Upon checking migration status, you will see it has succeeded:
{
"locator": "01K04V1HK97GYPWHP48PNDQQRT",
"migrationState": "finished",
"processedAccounts": 1,
"totalAccounts": 1
}
And that’s it! So far, you’ve
Learned about the primary migration endpoints
Submitted an account migration request
Submitted an erroneous migration request, examined the reason for failure, fixed the data, and “recovered” the migration
Using a converter
Of course, in a typical migration scenario, you’ll have raw data that needs to be converted to the Migration API input format. In the tutorial GitHub repository, you’ll see these directories:
source
: a sample set of raw data from a hypothetical policy administration serviceapps/converter
: a sample converter, written in Python, that converts the source data to the Socotra Migration API format
You can run the converter to transform the source data into a format ready for input into the Migration API, and also execute the checker (apps/checker
) to validate results in Socotra. Since such tasks – fetching data from a source system, transforming it, sending it to the Migration API, and performing any post-migration tests and related tasks – follow a predictable pattern, we have created a Migration Client to coordinate those steps. Read on to learn more about the Migration Client and how it works.
Migration Client
We publish a Migration Client that orchestrates common migration pipeline tasks, helping you to get your data into Socotra as quickly as possible. Here’s how it looks from a high-level perspective:

A: Raw data source on disk. We may augment the client with connectors to fetch from other source types, as demand warrants.

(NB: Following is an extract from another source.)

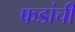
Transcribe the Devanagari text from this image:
फडांची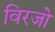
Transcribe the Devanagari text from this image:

B: Migration Client, serving as an orchestrator that fetches raw source data, shepherds it through conversion and input into the migration API, and optionally calls post-migration checks.
C: Converter, a custom application that turns raw source data into the format expected by the Migration API, and which conforms to the target tenant configuration.
D: Coda, a custom application capable of performing post-migration activities, such as inspecting data after migration to ensure expected results. While we depict checks as interacting with the EC API, it could conceivably connect to other services, such as Data Lake, to perform tasks.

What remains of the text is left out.